Je traverse Golden Gate Park. Toujours le soleil, toujours le vent, mais cette fois une végétation magnifique, des quadragénaires à vélo, des gamins qui escaladent les talus, une jeune femme et un bébé en poussette, un vieux qui joue de l’accordéon sur une statue.

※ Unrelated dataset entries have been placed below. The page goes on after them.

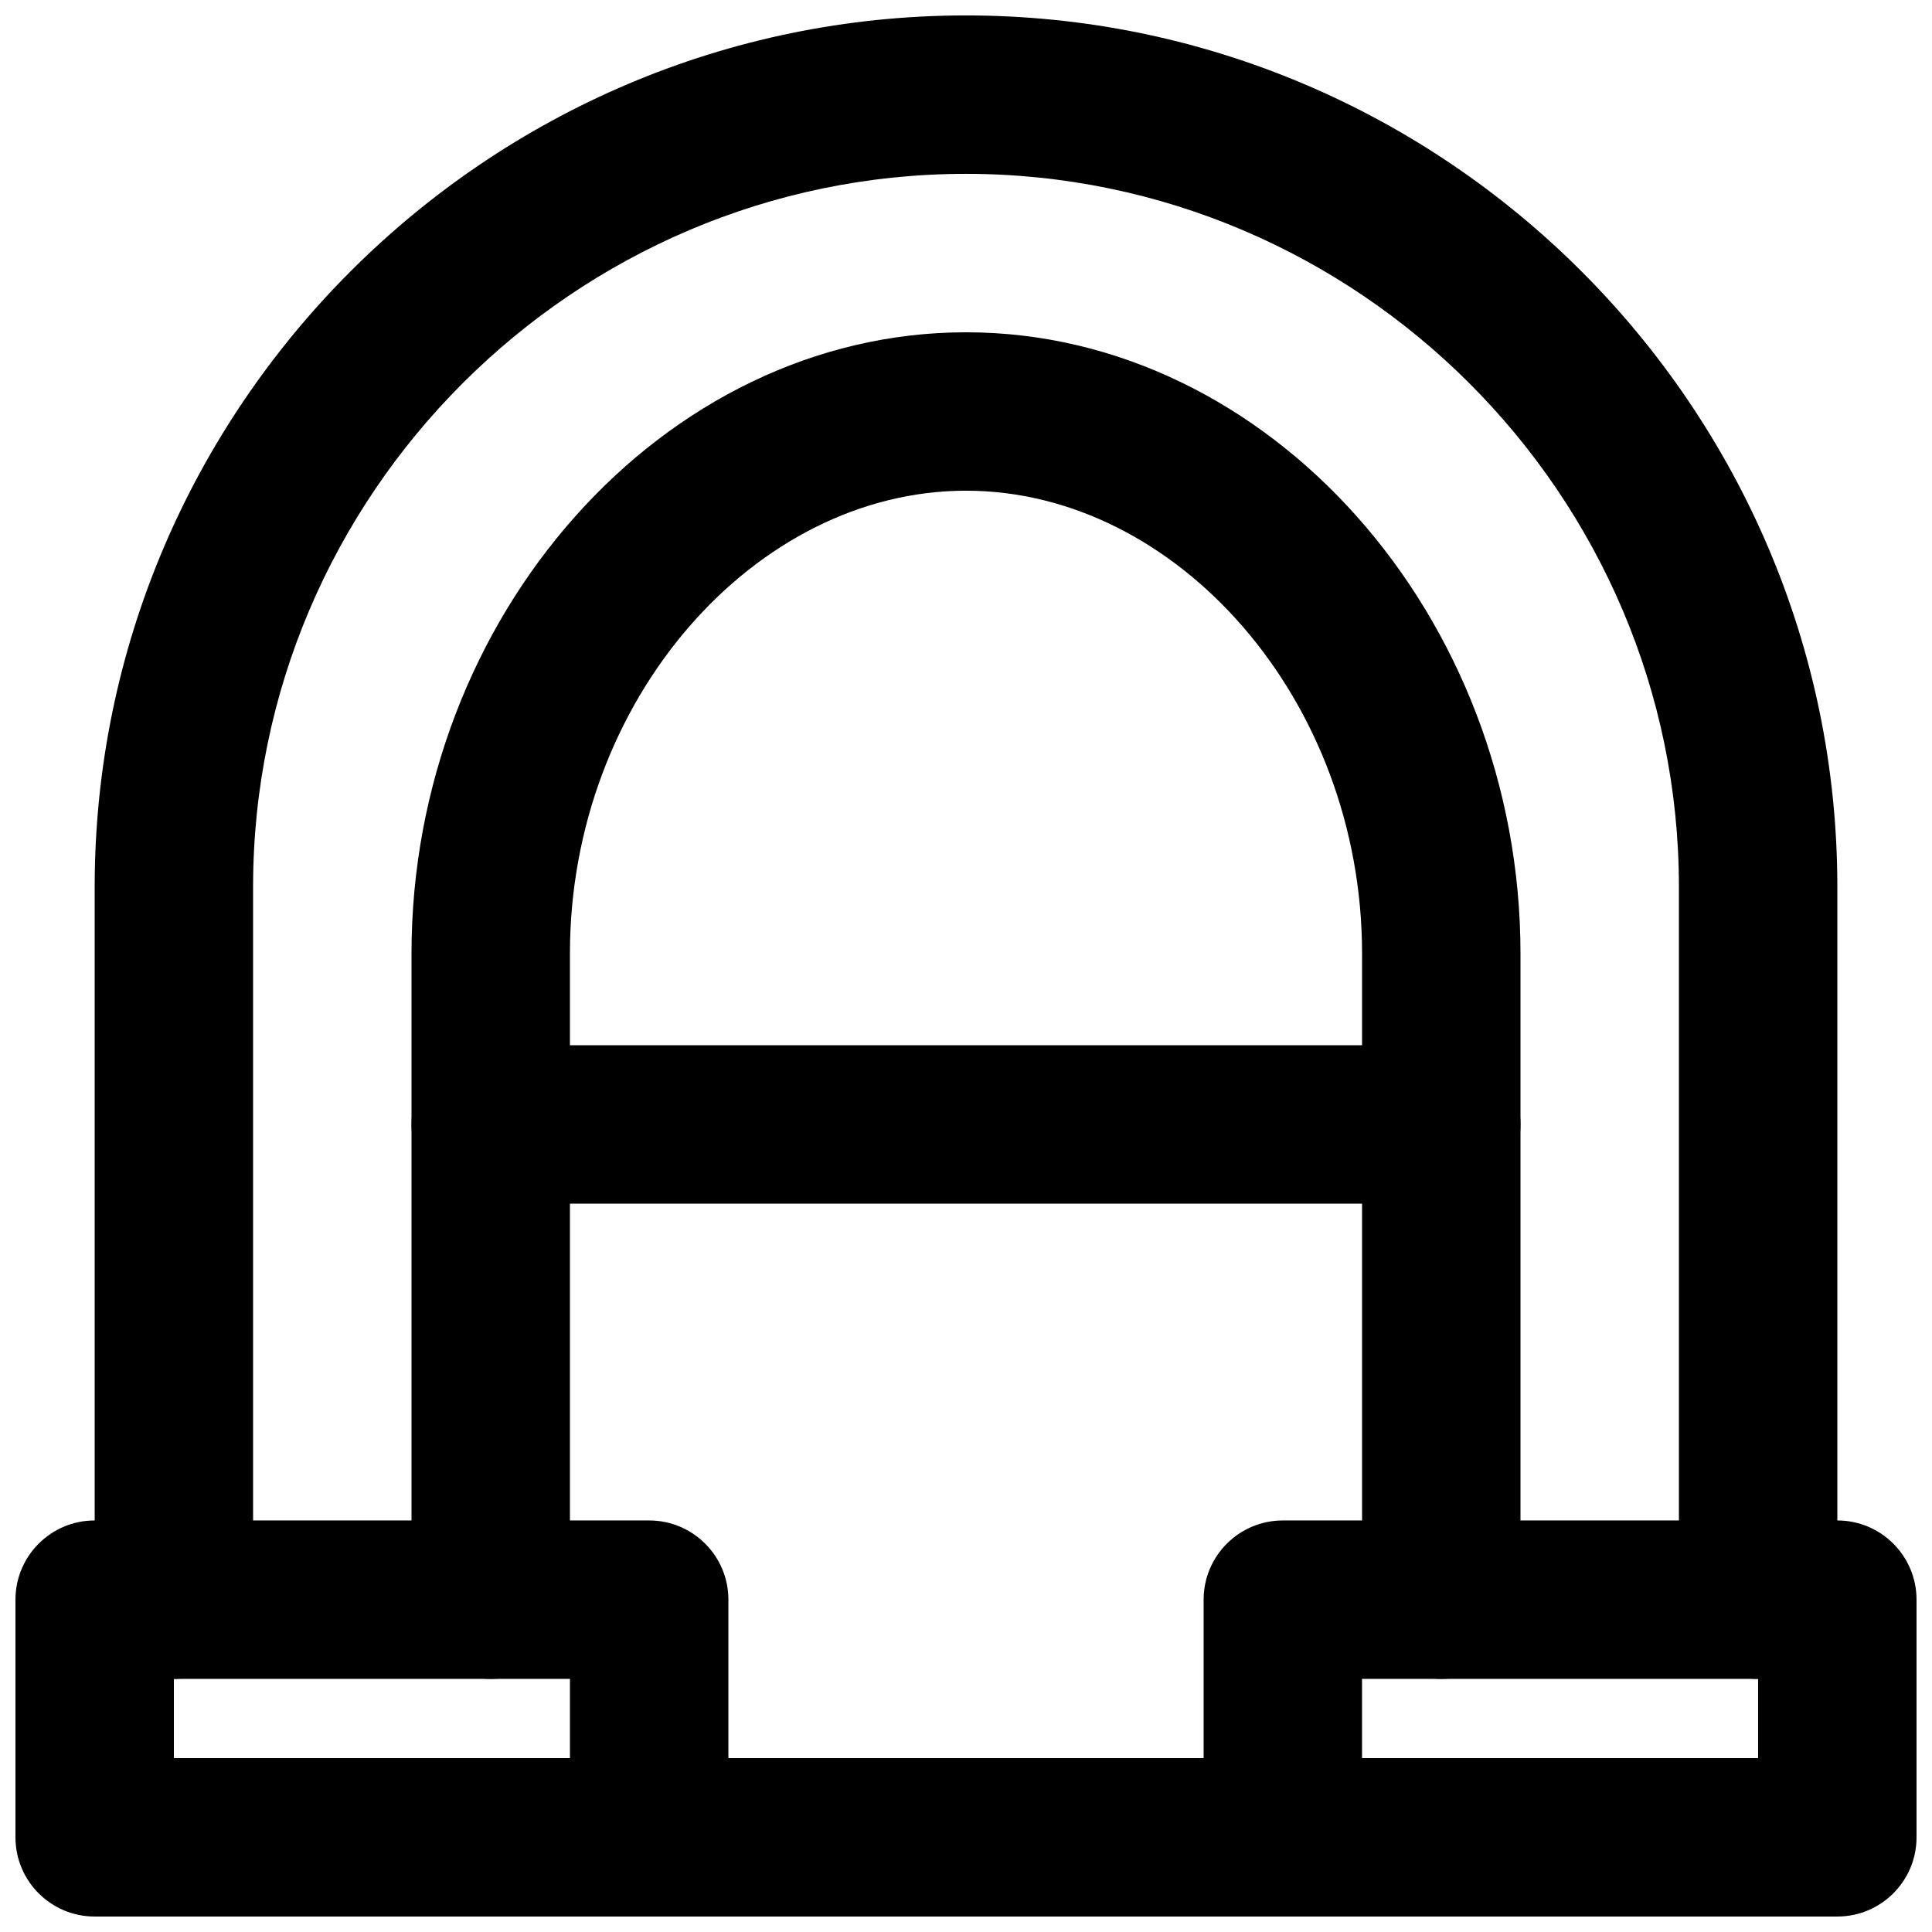 <?xml version="1.0" encoding="UTF-8"?>
<!-- Uploaded to: ICON Repo, www.svgrepo.com, Generator: ICON Repo Mixer Tools -->
<svg width="800px" height="800px" version="1.1" viewBox="144 144 512 512" xmlns="http://www.w3.org/2000/svg">
 <defs>
  <clipPath id="d">
   <path d="m148.09 546h189.91v105.9h-189.91z"/>
  </clipPath>
  <clipPath id="c">
   <path d="m462 546h189.9v105.9h-189.9z"/>
  </clipPath>
  <clipPath id="b">
   <path d="m169 148.09h462v440.91h-462z"/>
  </clipPath>
  <clipPath id="a">
   <path d="m295 609h210v42.902h-210z"/>
  </clipPath>
 </defs>
 <g clip-path="url(#d)">
  <path d="m169.09 651.9h146.95c11.594 0 20.992-9.398 20.992-20.992v-62.977c0-11.594-9.398-20.992-20.992-20.992h-146.95c-11.594 0-20.992 9.398-20.992 20.992v62.977c0 11.594 9.398 20.992 20.992 20.992zm20.992-62.977h104.96v20.992h-104.96z" fill-rule="evenodd"/>
 </g>
 <g clip-path="url(#c)">
  <path d="m483.96 651.9h146.95c11.594 0 20.992-9.398 20.992-20.992v-62.977c0-11.594-9.398-20.992-20.992-20.992h-146.95c-11.59 0-20.988 9.398-20.988 20.992v62.977c0 11.594 9.398 20.992 20.988 20.992zm20.992-62.977h104.96v20.992h-104.96z" fill-rule="evenodd"/>
 </g>
 <g clip-path="url(#b)">
  <path d="m211.07 567.93v-188.93c0-103.86 85.066-188.93 188.93-188.93 103.86 0 188.93 85.066 188.93 188.93v188.93c0 11.594 9.398 20.992 20.992 20.992s20.992-9.398 20.992-20.992v-188.93c0-127.05-103.86-230.91-230.91-230.91-127.05 0-230.91 103.86-230.91 230.91v188.93c0 11.594 9.398 20.992 20.992 20.992s20.992-9.398 20.992-20.992z" fill-rule="evenodd"/>
 </g>
 <path d="m295.04 567.93v-171.25c0-67.219 49.082-122.64 104.96-122.64 55.875 0 104.96 55.418 104.96 122.64v171.25c0 11.594 9.398 20.992 20.992 20.992s20.992-9.398 20.992-20.992v-171.25c0-89.348-66.668-164.62-146.94-164.62-80.277 0-146.95 75.273-146.95 164.62v171.25c0 11.594 9.398 20.992 20.992 20.992s20.992-9.398 20.992-20.992z" fill-rule="evenodd"/>
 <g clip-path="url(#a)">
  <path d="m316.03 651.9h167.93c11.594 0 20.992-9.398 20.992-20.992s-9.398-20.992-20.992-20.992h-167.93c-11.594 0-20.992 9.398-20.992 20.992s9.398 20.992 20.992 20.992z" fill-rule="evenodd"/>
 </g>
 <path d="m274.05 462.98h251.9c11.594 0 20.992-9.398 20.992-20.992s-9.398-20.992-20.992-20.992h-251.9c-11.594 0-20.992 9.398-20.992 20.992s9.398 20.992 20.992 20.992z" fill-rule="evenodd"/>
</svg>
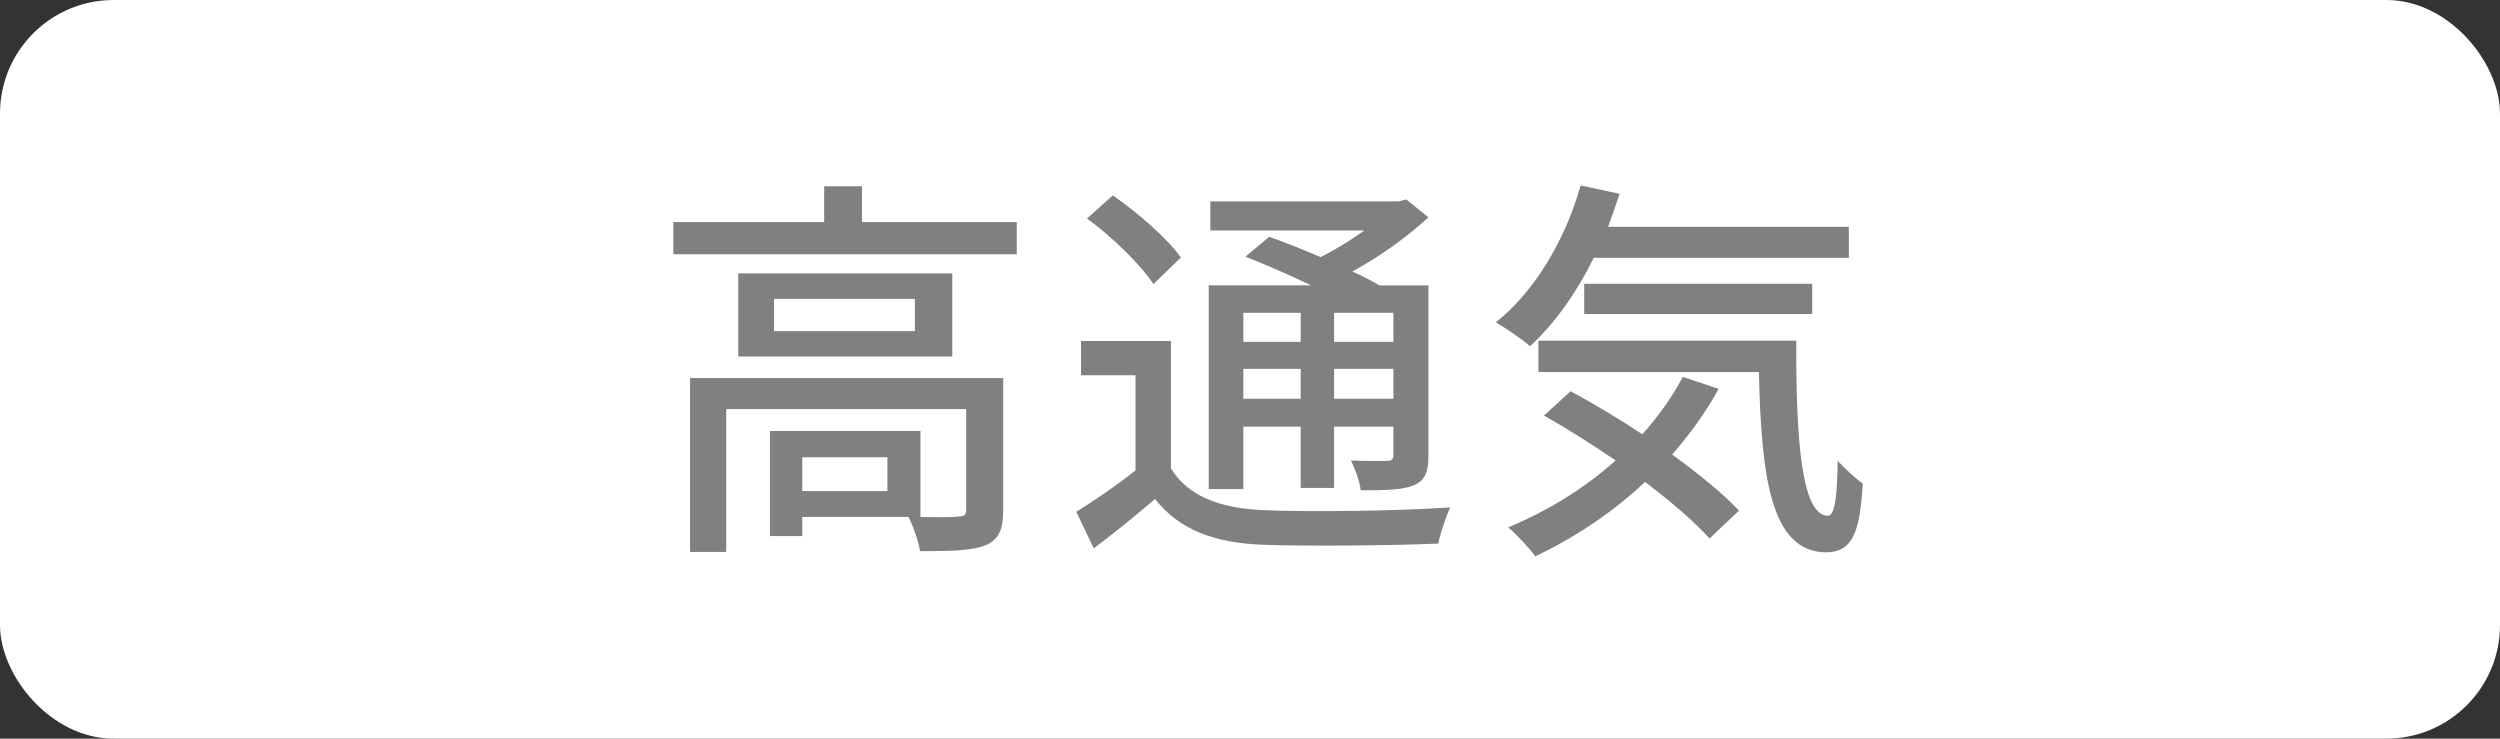 <?xml version="1.0" encoding="UTF-8"?><svg id="_レイヤー_2" xmlns="http://www.w3.org/2000/svg" width="88" height="26" viewBox="0 0 88 26"><rect x="0" y="0" width="88" height="26" fill="#333333" stroke="none"/><g id="layout"><rect width="88" height="26" rx="4" ry="4" style="fill:#fff; stroke-width:0px;"/><path d="M35.79,7.816v1.135h-12.089v-1.135h5.31v-1.26h1.33v1.26h5.449ZM35.313,17.958c0,.659-.14,1.022-.616,1.233-.49.195-1.219.21-2.311.21-.057-.364-.238-.868-.406-1.205h-3.74v.673h-1.135v-3.698h5.295v3.025c.616.015,1.148.015,1.316-.014.225,0,.294-.056.294-.238v-3.544h-8.446v5.029h-1.274v-6.122h11.023v4.65ZM33.521,9.624v2.927h-7.536v-2.927h7.536ZM32.204,10.521h-4.959v1.134h4.959v-1.134ZM31.237,16.096h-2.997v1.19h2.997v-1.19Z" style="fill:gray; stroke-width:0px;"/><path d="M41.217,16.487c.603.98,1.709,1.401,3.25,1.471,1.583.07,4.805.028,6.584-.098-.141.294-.351.896-.421,1.274-1.61.07-4.552.098-6.177.042-1.737-.069-2.941-.532-3.796-1.61-.673.574-1.373,1.148-2.157,1.736l-.616-1.288c.644-.393,1.414-.925,2.087-1.457v-3.348h-1.919v-1.205h3.165v4.482ZM40.601,10.002c-.448-.687-1.456-1.667-2.339-2.312l.91-.812c.869.602,1.919,1.512,2.396,2.185l-.967.938ZM43.767,17.216h-1.219v-7.172h3.6c-.756-.364-1.597-.729-2.311-1.009l.84-.7c.547.196,1.191.448,1.808.715.532-.267,1.078-.603,1.541-.938h-5.422v-1.023h6.626l.267-.069.784.63c-.729.673-1.695,1.373-2.676,1.905.364.168.687.336.953.49h1.723v5.968c0,.588-.099.882-.505,1.064-.392.168-.98.182-1.877.182-.042-.322-.195-.756-.35-1.051.588.028,1.12.015,1.288.015.154,0,.211-.057.211-.225v-.98h-2.088v2.157h-1.176v-2.157h-2.018v2.199ZM43.767,11.011v1.022h2.018v-1.022h-2.018ZM45.784,14.036v-1.051h-2.018v1.051h2.018ZM49.048,11.011h-2.088v1.022h2.088v-1.022ZM49.048,14.036v-1.051h-2.088v1.051h2.088Z" style="fill:gray; stroke-width:0px;"/><path d="M56.1,9.078c-.616,1.246-1.387,2.324-2.241,3.109-.267-.238-.868-.645-1.205-.841,1.359-1.079,2.438-2.886,2.984-4.818l1.372.294c-.126.393-.266.784-.406,1.162h8.475v1.094h-8.979ZM60.498,13.686c-.462.841-1.022,1.611-1.639,2.312.938.687,1.793,1.373,2.353,1.976l-1.036.98c-.532-.589-1.345-1.289-2.27-1.989-1.148,1.079-2.479,1.961-3.866,2.619-.182-.266-.672-.784-.952-1.022,1.387-.574,2.689-1.373,3.782-2.354-.841-.574-1.709-1.12-2.521-1.582l.938-.855c.799.435,1.681.953,2.521,1.514.561-.617,1.036-1.289,1.429-2.018l1.261.42ZM63.229,11.991c-.014,3.487.182,6.163,1.12,6.163.253-.014.322-.784.337-1.933.266.28.602.603.882.798-.098,1.737-.364,2.41-1.288,2.424-1.947-.014-2.283-2.647-2.367-6.346h-7.761v-1.106h9.077ZM55.764,11.053v-1.064h8.026v1.064h-8.026Z" style="fill:gray; stroke-width:0px;"/></g></svg>

122 Lyon Street. Appartement #3. Le plus célèbre lieu de résidence de Janis Joplin à San Francisco. Une maison typique de la ville, peinte en ocre terne, dans une pente à 45°, avec des grands arbres devant, des trucs hippies accrochés à la rambarde de l’étage qui tintent dans le vent, une chaîne de prières usée qui se balance au balcon du premier… Putain, j’ai encore envie de pleurer bordel ! Oui, ça m’émeut, la vue de cette maison… Si calme, si réelle tout à coup. Je regarde la fenêtre du premier étage où elle vivait, j’admire la vue sur Oak Park depuis la porte d’entrée. Je caresse lentement la rambarde menant au perron en sachant que Janis l’a touchée avant moi… Quand je pense qu’il y a des gens qui vivent dans cette maison. J’imagine si je pouvais habiter dans la maison de Janis… Je deviendrais dingue !! Le père d’Alexis a fait des travaux dans cette maison au début des années 70 et j’ai pu constater qu’il en était sorti psychiquement (et physiquement) indemne. Moi, je doute de mon indemnité psychique rien qu’en la regardant !
Le fond de l’air est frais malgré l’éclat du soleil, je continue mon exploration du quartier, prête à dégainer mon appareil photo à tout instant.
Haight Street est plein de touristes, des français notamment… Morgan m’a dit que c’est aussi là que vis une grande partie de la communauté française de San Francisco, ça expliquerait cette prolifération de compatriotes.
À l’intersection de Ashbury Street et Waller Street, un jeune gars blond assis en tailleur joue de la guitare avec un air inspiré alors que je photographie la maison du Dead au numéro 710. Je me dis que ce serait cool s’il pouvait jouer du Janis. Je reviens sur mes pas à la recherche du numéro 635, au moment où je passe à côté de lui, j’entends :
– “Do you have a lightner ?”
L’histoire se répète (cf. Le jour où j’ai attrapé le Cosmico Blues – Part 2)… C’est clair, j’ai l’air d’une fumeuse !
Il allume son cigarillo, je participe à l’effort de guerre en allumant une Malback. Je souris en regardant le symbole peace and love maquillé sur sa joue gauche. Il semble si jeune et insouciant.
– “Seems like you are on a tour…”
– “Yes I am ! I am on Janis Joplin tour, you see !”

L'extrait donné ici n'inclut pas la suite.